Why It Matters in NHI Security

LLM runtime governance matters because an agent with live tool access effectively behaves like an NHI with delegated authority, and weak runtime controls can turn a harmless prompt into an internal system action. The failure mode is not only data exposure. It also includes unauthorized API calls, privilege escalation, unintended emails, destructive configuration changes, and hidden exfiltration through tool outputs. This is why runtime governance sits close to identity enforcement, logging, and approval workflows in the NIST Cybersecurity Framework 2.0 and in agentic threat modeling approaches such as the CSA MAESTRO agentic AI threat modeling framework. It also reflects the visibility gap in NHI operations: 85% of organisations lack full visibility into third-party vendors connected via OAuth apps, according to The State of Non-Human Identity Security. When runtime policy is absent, teams often discover the issue only after an agent has already called a sensitive tool or moved data into the wrong context. Organisations typically encounter governance failure only after an agent causes an incident, at which point runtime control becomes operationally unavoidable to address.

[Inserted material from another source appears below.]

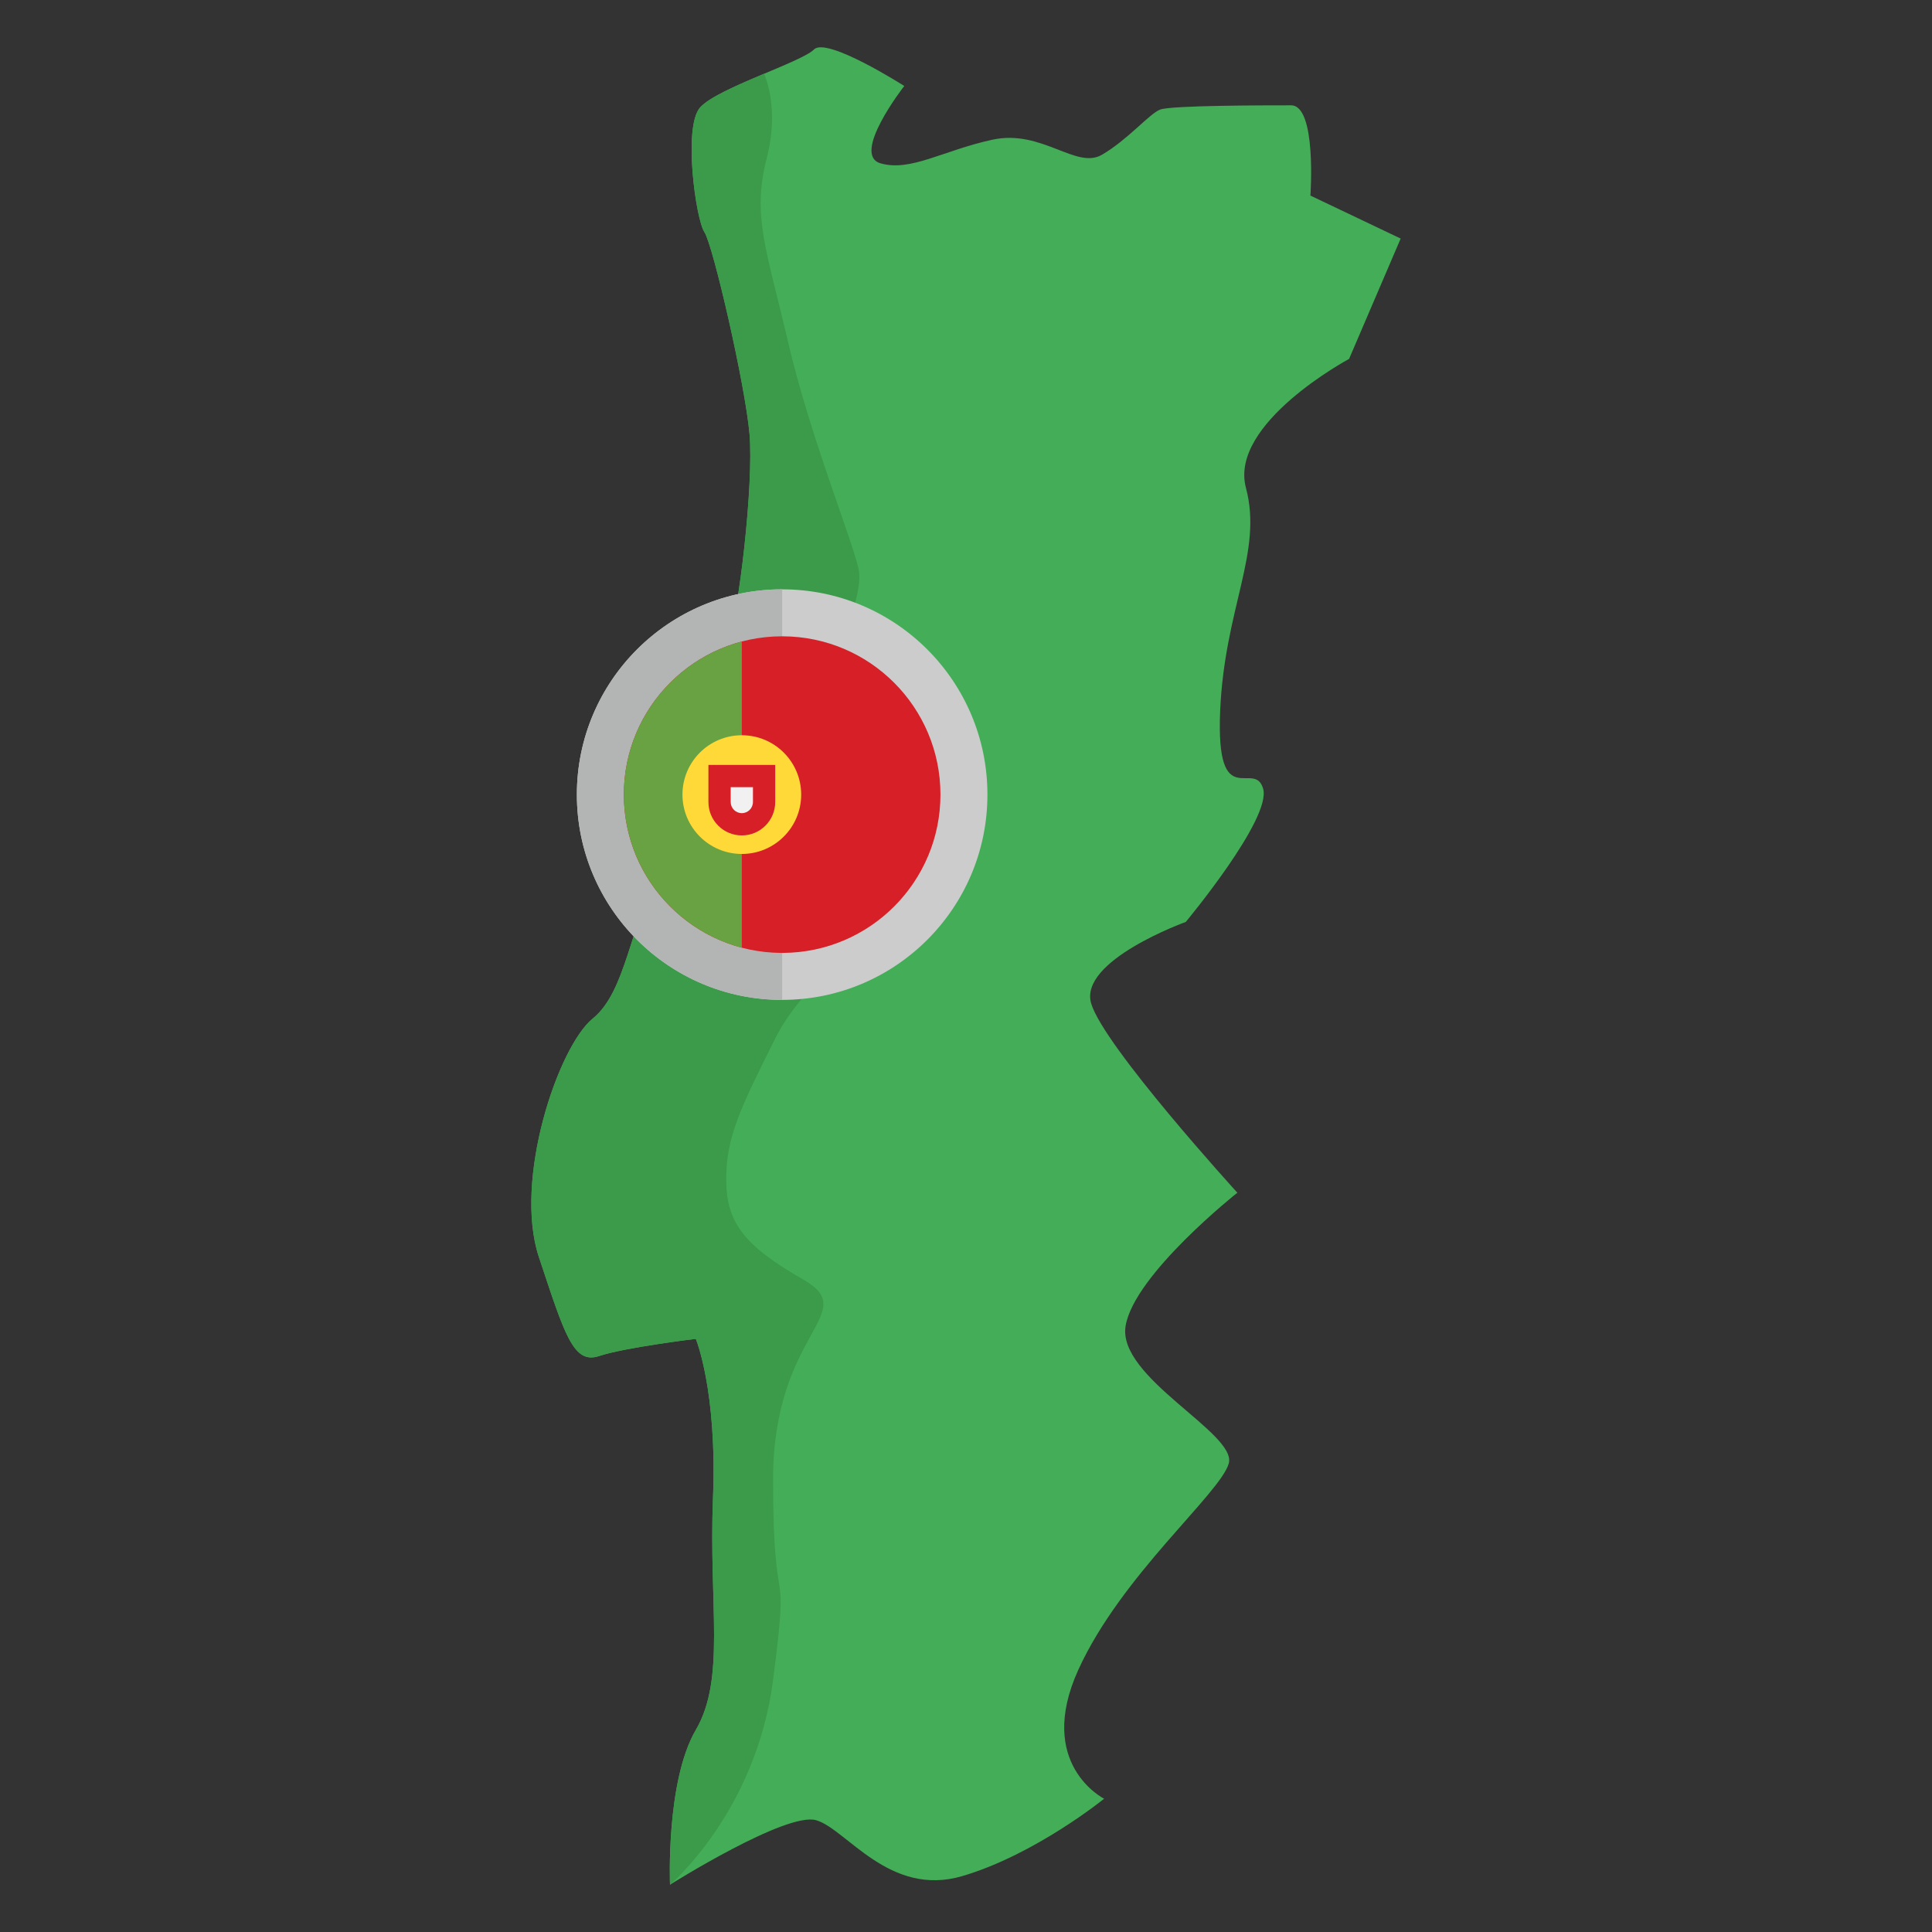 <svg enable-background="new 0 0 283.465 283.465" height="512" viewBox="0 0 283.465 283.465" width="512" xmlns="http://www.w3.org/2000/svg"><rect x="0" y="0" width="283.465" height="283.465" fill="#333333" stroke="none"/><g id="Layer_1_28_"><g clip-rule="evenodd" fill-rule="evenodd"><path d="m102.089 196.437s3.152 7.567 2.522 23.332c-.63 15.766 1.893 26.486-2.522 34.053-4.414 7.567-3.784 22.702-3.784 22.702s17.026-10.72 21.44-9.459c4.415 1.261 10.72 11.351 21.44 8.198s20.811-11.351 20.811-11.351-10.09-5.044-3.784-18.918c6.306-13.873 20.81-25.854 22.071-30.269 1.261-4.414-16.396-12.613-15.135-20.18s16.396-19.548 16.396-19.548-19.548-21.441-21.44-27.747 13.872-11.981 13.872-11.981 12.613-15.135 11.352-19.549-6.937 3.783-6.307-11.351c.631-15.134 6.307-23.332 3.784-32.791s15.134-18.918 15.134-18.918l7.569-17.657-13.243-6.306s.947-13.243-2.837-13.243-17.657 0-19.234.631-4.729 4.414-8.513 6.621-8.829-3.784-16.08-2.207c-7.252 1.577-11.981 4.73-16.395 3.469-4.415-1.261 3.468-11.351 3.468-11.351s-11.351-7.252-13.243-5.361c-1.891 1.892-14.188 5.676-16.711 8.514s-.631 16.395.631 18.287c1.261 1.892 5.99 22.387 6.621 29.639s-1.577 26.485-3.153 30.269-5.045 25.856-9.774 33.738-5.045 17.657-10.09 21.756c-5.044 4.099-11.666 23.645-7.883 34.997 3.783 11.351 5.044 15.765 8.828 14.504 3.785-1.263 14.189-2.523 14.189-2.523z" fill="#43ae57"/><path d="m102.089 196.437s3.152 7.567 2.521 23.332c-.63 15.766 1.893 26.486-2.521 34.053-4.415 7.566-3.784 22.702-3.784 22.702s12.622-10.658 15.124-30.042c2.501-19.384 0-7.504 0-29.39s13.132-24.387 4.377-29.389c-8.755-5.003-11.256-8.442-11.256-14.695s2.189-10.632 7.191-20.636c5.003-10.005 14.07-11.568 7.816-21.573s-3.752-21.886-2.501-26.263 8.129-16.258 6.878-21.261-7.192-19.699-10.318-33.143-5.315-18.448-3.126-26.889c1.334-5.144.81-9.474-.369-12.428-3.868 1.631-8.045 3.428-9.401 4.953-2.522 2.838-.63 16.395.632 18.288 1.261 1.892 5.99 22.387 6.62 29.639s-1.577 26.485-3.153 30.268c-1.576 3.784-5.045 25.856-9.774 33.739-4.73 7.882-5.045 17.657-10.09 21.755-5.044 4.099-11.667 23.646-7.883 34.997 3.783 11.351 5.044 15.765 8.828 14.503 3.785-1.26 14.189-2.52 14.189-2.52z" fill="#3c9b4a"/><g><path d="m114.758 86.468c16.633 0 30.118 13.484 30.118 30.118 0 16.633-13.484 30.118-30.118 30.118s-30.118-13.485-30.118-30.118c0-16.634 13.484-30.118 30.118-30.118z" fill="#cdcccd"/><path d="m114.758 146.704c-16.634 0-30.118-13.484-30.118-30.118s13.484-30.118 30.118-30.118z" fill="#b3b5b5"/></g><g><path d="m114.624 139.81h.267c12.766-.072 23.093-10.441 23.093-23.225 0-12.805-10.364-23.189-23.16-23.225h-.133c-12.796.036-23.159 10.419-23.159 23.225 0 12.784 10.325 23.153 23.092 23.225z" fill="#d61f26"/><path d="m108.841 94.121v23.221 21.708c-9.962-2.616-17.309-11.682-17.309-22.465s7.347-19.848 17.309-22.464z" fill="#68a242"/><path d="m117.551 116.585c0-4.81-3.899-8.71-8.71-8.71-4.81 0-8.71 3.9-8.71 8.71s3.9 8.709 8.71 8.709c4.81.001 8.71-3.898 8.71-8.709z" fill="#ffd938"/><path d="m103.941 112.231v5.444c0 2.705 2.193 4.899 4.899 4.899s4.9-2.193 4.9-4.899l-.001-5.444z" fill="#d61f26"/><path d="m108.84 119.307c-.901 0-1.633-.732-1.633-1.632v-2.178h3.266v2.178c0 .899-.733 1.632-1.633 1.632z" fill="#f1f1f1"/></g></g></g></svg>

Standards & Framework Alignment

This section maps relevant standards and security frameworks to the operational risks and controls described in this guidance.

OWASP Agentic AI Top 10 address the attack and risk surface, while NIST AI RMF and NIST CSF 2.0 set the governance and control requirements practitioners need to meet.

Framework Control / Reference Relevance
OWASP Agentic AI Top 10 A2 Agentic apps require runtime limits on tool use, context, and actions.
NIST AI RMF AI RMF frames runtime monitoring, validity, and accountability as risk controls.
NIST CSF 2.0 PR.AC-4 Runtime governance depends on enforcing least privilege for active identities and tools.

Apply governance, mapping, and monitoring controls during model execution, not only at build time.